__Aim of the exercise__.
Transcribe each record exactly as it appears.
Top of Source data
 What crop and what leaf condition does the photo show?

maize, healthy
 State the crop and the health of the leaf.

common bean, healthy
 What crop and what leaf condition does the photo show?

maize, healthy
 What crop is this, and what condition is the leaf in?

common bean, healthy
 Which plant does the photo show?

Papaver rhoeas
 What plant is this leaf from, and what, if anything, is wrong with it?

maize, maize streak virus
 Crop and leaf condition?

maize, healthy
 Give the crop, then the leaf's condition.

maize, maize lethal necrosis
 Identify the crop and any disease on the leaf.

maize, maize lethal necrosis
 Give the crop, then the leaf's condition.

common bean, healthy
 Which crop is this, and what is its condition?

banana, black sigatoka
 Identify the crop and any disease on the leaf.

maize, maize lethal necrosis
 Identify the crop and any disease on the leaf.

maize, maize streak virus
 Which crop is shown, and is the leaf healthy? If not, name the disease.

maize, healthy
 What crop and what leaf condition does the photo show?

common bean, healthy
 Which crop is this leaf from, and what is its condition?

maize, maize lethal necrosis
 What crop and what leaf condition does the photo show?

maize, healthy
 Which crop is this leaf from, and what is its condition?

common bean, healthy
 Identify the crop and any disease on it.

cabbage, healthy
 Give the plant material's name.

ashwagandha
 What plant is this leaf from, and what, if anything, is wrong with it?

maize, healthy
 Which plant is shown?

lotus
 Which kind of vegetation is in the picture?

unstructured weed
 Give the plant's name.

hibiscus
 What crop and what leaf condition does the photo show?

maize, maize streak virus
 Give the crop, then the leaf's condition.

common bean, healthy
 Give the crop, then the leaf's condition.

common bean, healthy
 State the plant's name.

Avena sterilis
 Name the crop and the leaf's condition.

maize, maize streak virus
Bottom of Source data
__Answer area__.
 What crop and what leaf condition does the photo show?

maize, healthy
 State the crop and the health of the leaf.

common bean, healthy
 What crop and what leaf condition does the photo show?

maize, healthy
 What crop is this, and what condition is the leaf in?

common bean, healthy
 Which plant does the photo show?

Papaver rhoeas
 What plant is this leaf from, and what, if anything, is wrong with it?

maize, maize streak virus
 Crop and leaf condition?

maize, healthy
 Give the crop, then the leaf's condition.

maize, maize lethal necrosis
 Identify the crop and any disease on the leaf.

maize, maize lethal necrosis
 Give the crop, then the leaf's condition.

common bean, healthy
 Which crop is this, and what is its condition?

banana, black sigatoka
 Identify the crop and any disease on the leaf.

maize, maize lethal necrosis
 Identify the crop and any disease on the leaf.

maize, maize streak virus
 Which crop is shown, and is the leaf healthy? If not, name the disease.

maize, healthy
 What crop and what leaf condition does the photo show?

common bean, healthy
 Which crop is this leaf from, and what is its condition?

maize, maize lethal necrosis
 What crop and what leaf condition does the photo show?

maize, healthy
 Which crop is this leaf from, and what is its condition?

common bean, healthy
 Identify the crop and any disease on it.

cabbage, healthy
 Give the plant material's name.

ashwagandha
 What plant is this leaf from, and what, if anything, is wrong with it?

maize, healthy
 Which plant is shown?

lotus
 Which kind of vegetation is in the picture?

unstructured weed
 Give the plant's name.

hibiscus
 What crop and what leaf condition does the photo show?

maize, maize streak virus
 Give the crop, then the leaf's condition.

common bean, healthy
 Give the crop, then the leaf's condition.

common bean, healthy
 State the plant's name.

Avena sterilis
 Name the crop and the leaf's condition.

maize, maize streak virus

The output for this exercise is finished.